• Task prompt
As an exercise, transcribe the data below in full and exactly, omitting pictures.

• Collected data
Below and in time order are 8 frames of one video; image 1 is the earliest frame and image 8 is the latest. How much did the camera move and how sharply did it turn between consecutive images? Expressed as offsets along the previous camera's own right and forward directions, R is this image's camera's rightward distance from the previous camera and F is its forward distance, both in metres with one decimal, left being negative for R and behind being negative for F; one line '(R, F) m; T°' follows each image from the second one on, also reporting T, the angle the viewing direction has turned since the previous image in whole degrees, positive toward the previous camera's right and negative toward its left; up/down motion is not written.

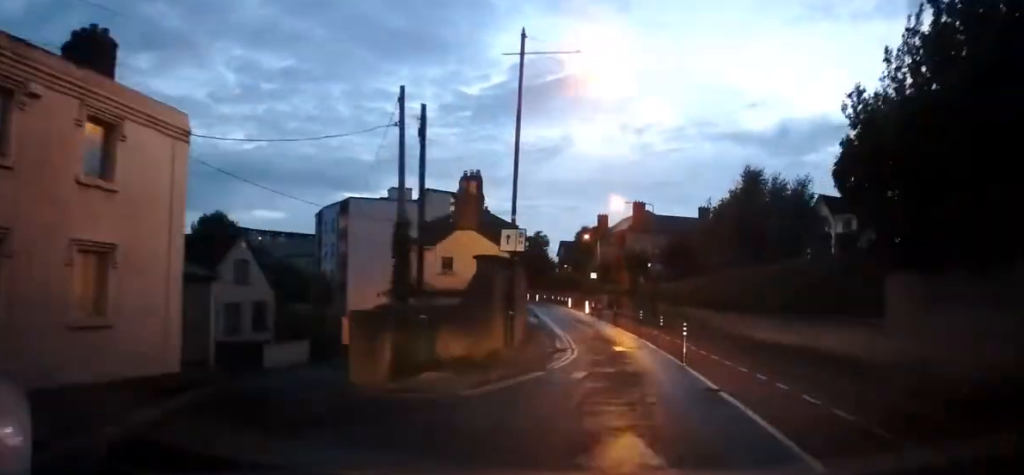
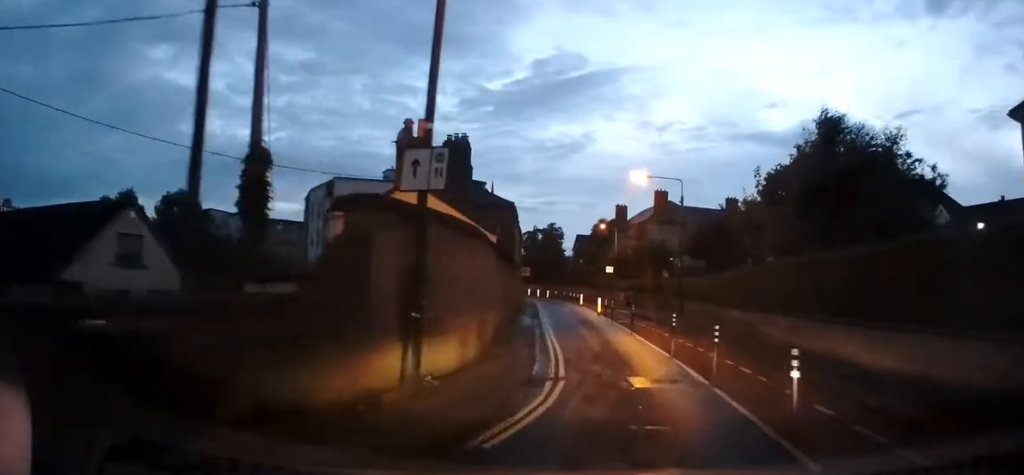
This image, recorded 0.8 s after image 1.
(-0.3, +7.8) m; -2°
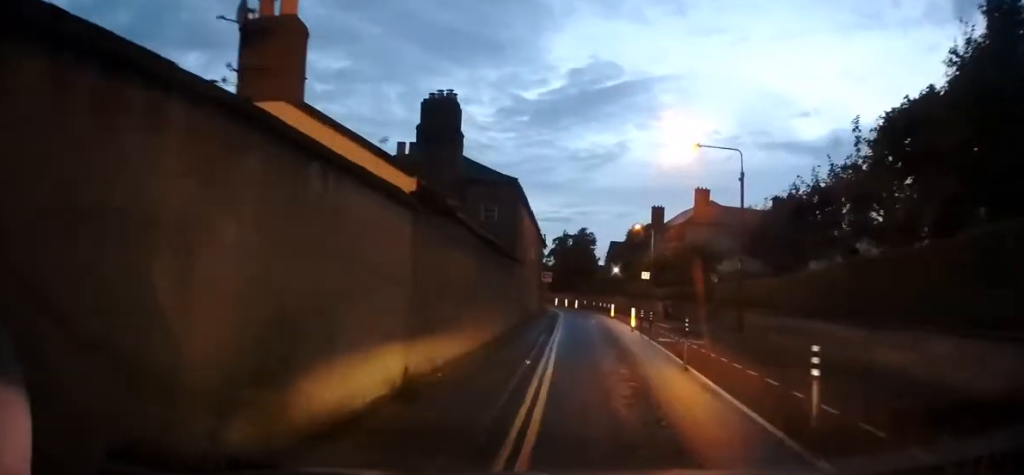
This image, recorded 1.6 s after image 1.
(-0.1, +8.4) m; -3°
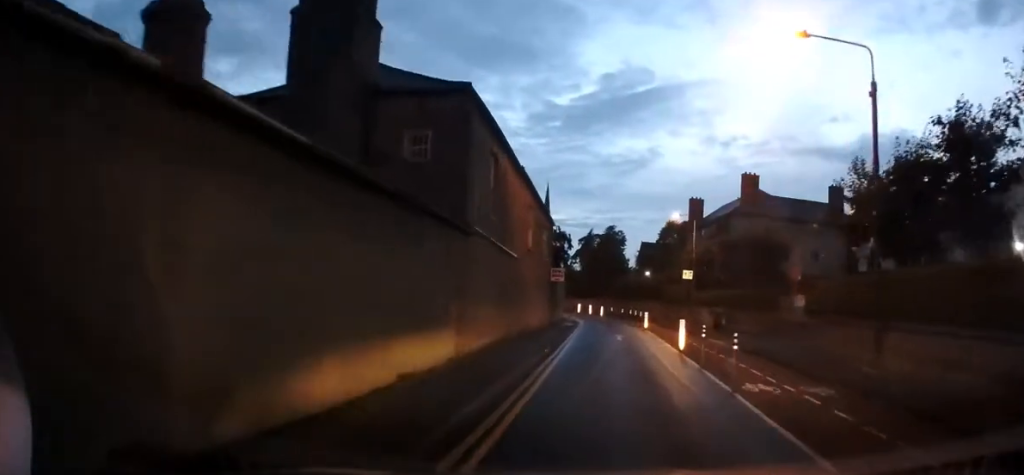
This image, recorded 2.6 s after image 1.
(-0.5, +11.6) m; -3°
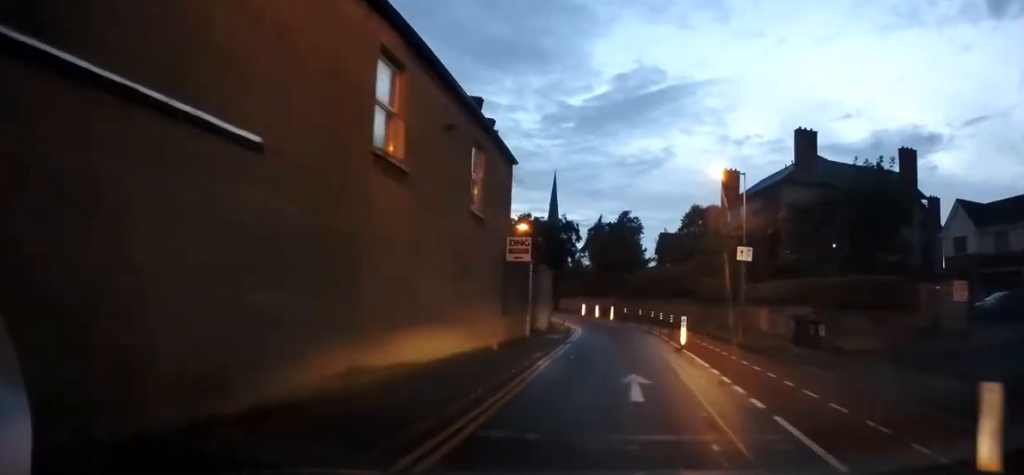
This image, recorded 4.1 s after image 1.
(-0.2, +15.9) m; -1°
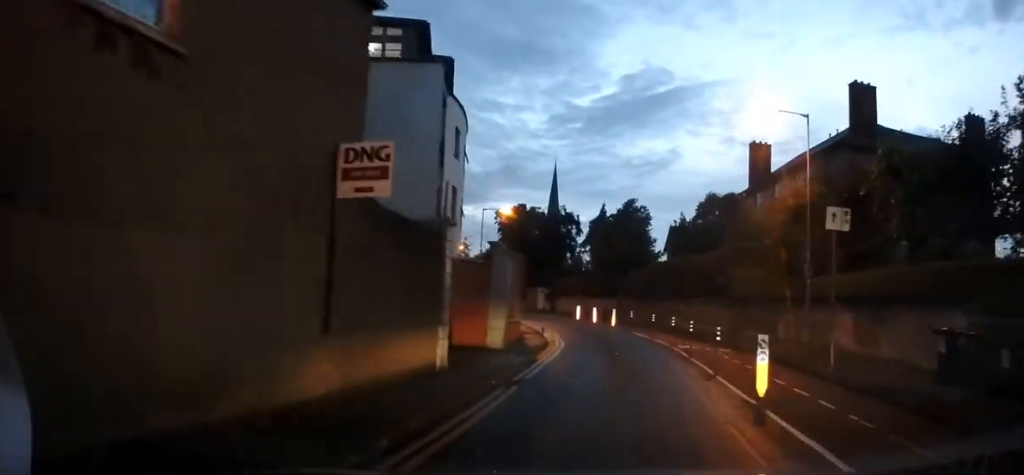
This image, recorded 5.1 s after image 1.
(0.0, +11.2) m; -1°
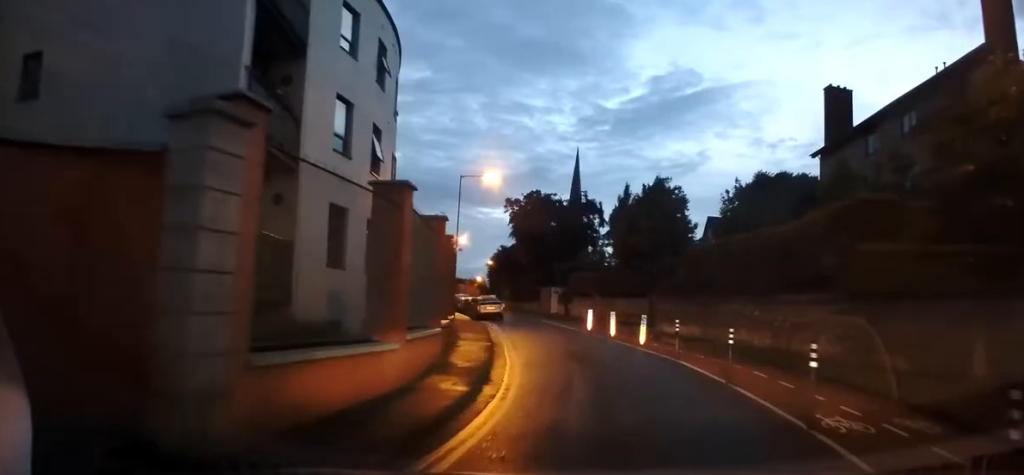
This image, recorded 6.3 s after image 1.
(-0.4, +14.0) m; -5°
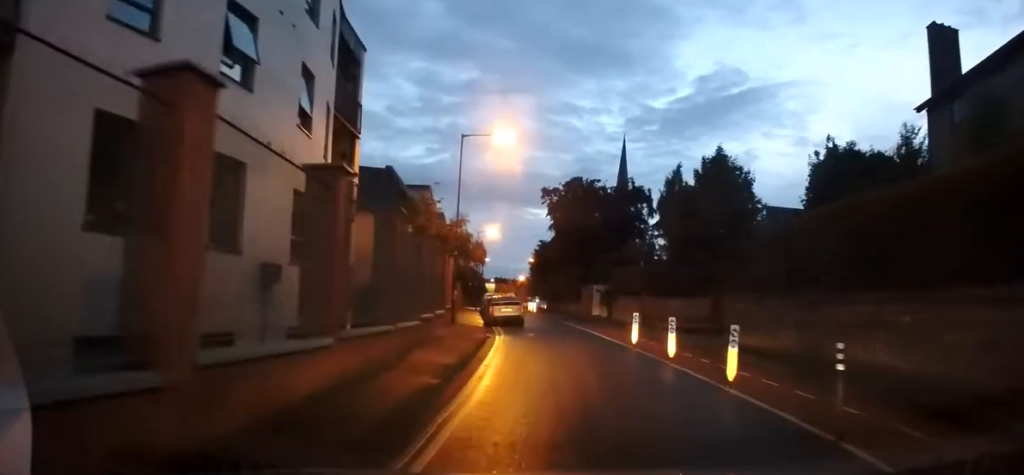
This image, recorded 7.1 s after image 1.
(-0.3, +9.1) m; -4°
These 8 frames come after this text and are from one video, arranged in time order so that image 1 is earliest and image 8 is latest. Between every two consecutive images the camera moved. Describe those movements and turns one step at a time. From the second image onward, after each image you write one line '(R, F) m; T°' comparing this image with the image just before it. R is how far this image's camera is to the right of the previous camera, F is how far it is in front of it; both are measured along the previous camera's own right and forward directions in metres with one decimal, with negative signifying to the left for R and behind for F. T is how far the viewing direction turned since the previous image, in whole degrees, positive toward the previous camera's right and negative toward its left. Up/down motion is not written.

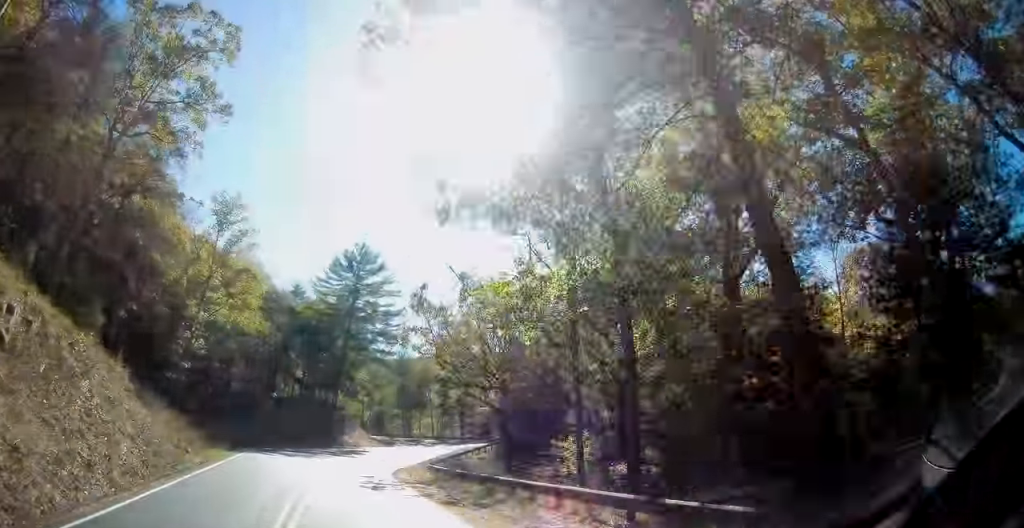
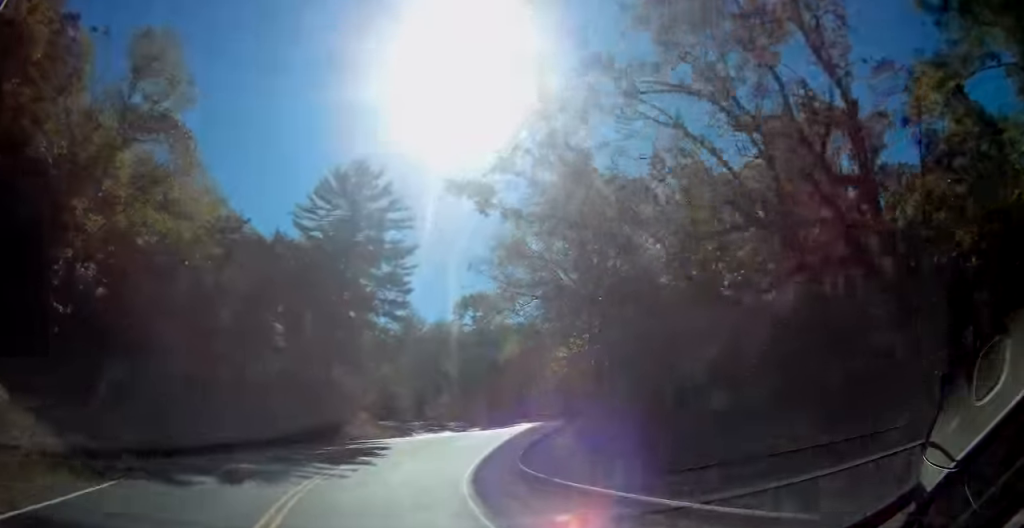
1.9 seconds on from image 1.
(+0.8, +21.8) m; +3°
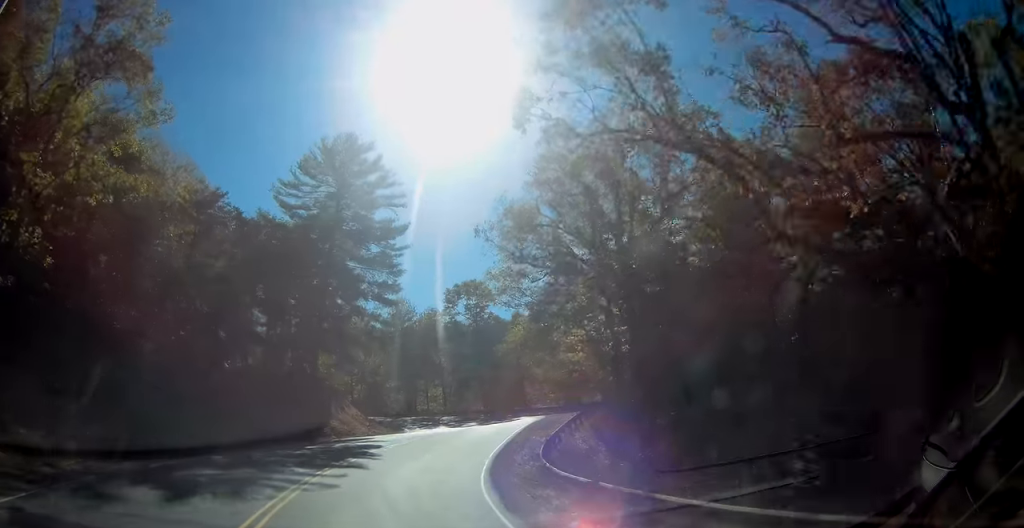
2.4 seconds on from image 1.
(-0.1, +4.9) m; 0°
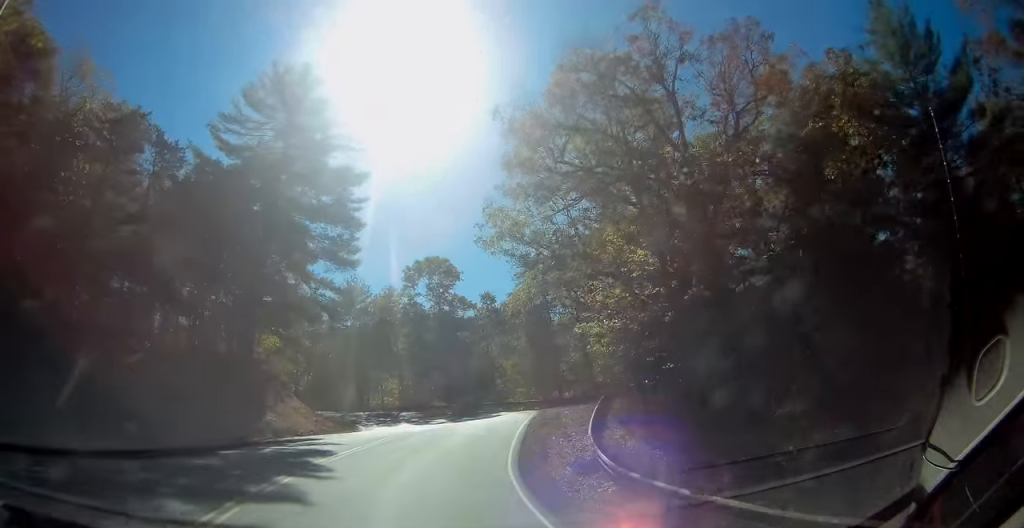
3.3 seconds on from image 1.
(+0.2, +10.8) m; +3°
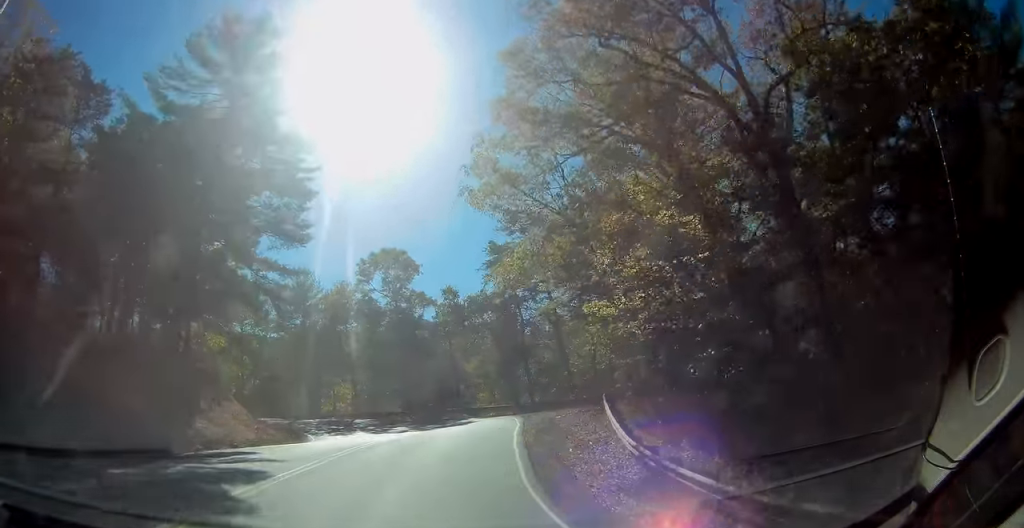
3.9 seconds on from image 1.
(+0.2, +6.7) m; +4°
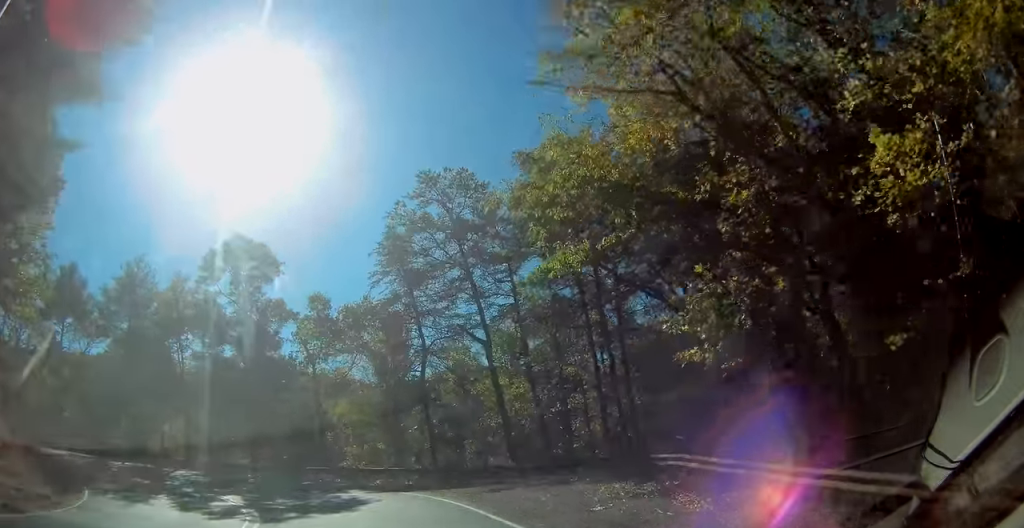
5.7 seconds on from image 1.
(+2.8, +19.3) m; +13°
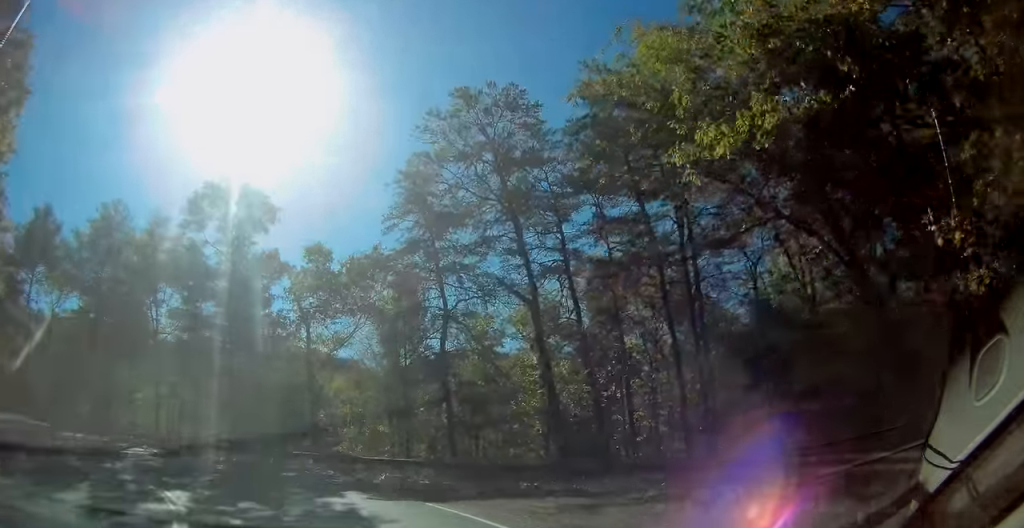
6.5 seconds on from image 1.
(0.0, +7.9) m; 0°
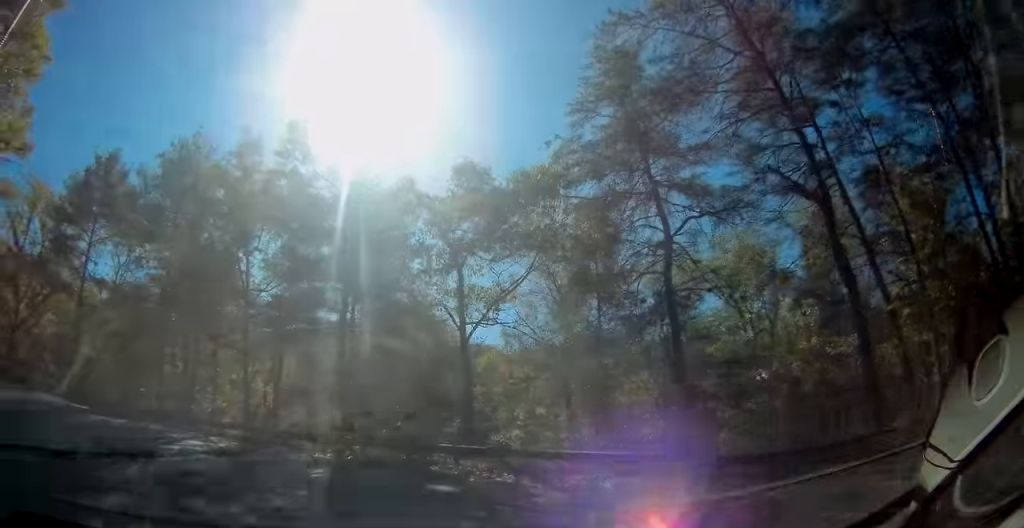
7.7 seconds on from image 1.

• Output of the exercise
Below and in time order are 8 frames of one video; image 1 is the earliest frame and image 8 is the latest. How much did the camera move and how sharply did it turn between consecutive images? Expressed as offsets along the previous camera's own right and forward directions, R is this image's camera's rightward distance from the previous camera and F is its forward distance, both in metres with one decimal, left being negative for R and behind being negative for F; one line '(R, F) m; T°' follows each image from the second one on, also reporting T, the angle the viewing direction has turned since the previous image in whole degrees, positive toward the previous camera's right and negative toward its left; up/down motion is not written.

This image, recorded 0.8 s after image 1.
(-0.3, +7.8) m; -2°
This image, recorded 1.6 s after image 1.
(-0.1, +8.4) m; -3°
This image, recorded 2.6 s after image 1.
(-0.5, +11.6) m; -3°
This image, recorded 4.1 s after image 1.
(-0.2, +15.9) m; -1°
This image, recorded 5.1 s after image 1.
(0.0, +11.2) m; -1°
This image, recorded 6.3 s after image 1.
(-0.4, +14.0) m; -5°
This image, recorded 7.1 s after image 1.
(-0.3, +9.1) m; -4°
These 8 frames come after this text and are from one video, arranged in time order so that image 1 is earliest and image 8 is latest. Between every two consecutive images the camera moved. Describe those movements and turns one step at a time. From the second image onward, after each image you write one line '(R, F) m; T°' comparing this image with the image just before it. R is how far this image's camera is to the right of the previous camera, F is how far it is in front of it; both are measured along the previous camera's own right and forward directions in metres with one decimal, with negative signifying to the left for R and behind for F. T is how far the viewing direction turned since the previous image, in whole degrees, positive toward the previous camera's right and negative toward its left. Up/down motion is not written.

1.9 seconds on from image 1.
(+0.8, +21.8) m; +3°
2.4 seconds on from image 1.
(-0.1, +4.9) m; 0°
3.3 seconds on from image 1.
(+0.2, +10.8) m; +3°
3.9 seconds on from image 1.
(+0.2, +6.7) m; +4°
5.7 seconds on from image 1.
(+2.8, +19.3) m; +13°
6.5 seconds on from image 1.
(0.0, +7.9) m; 0°
7.7 seconds on from image 1.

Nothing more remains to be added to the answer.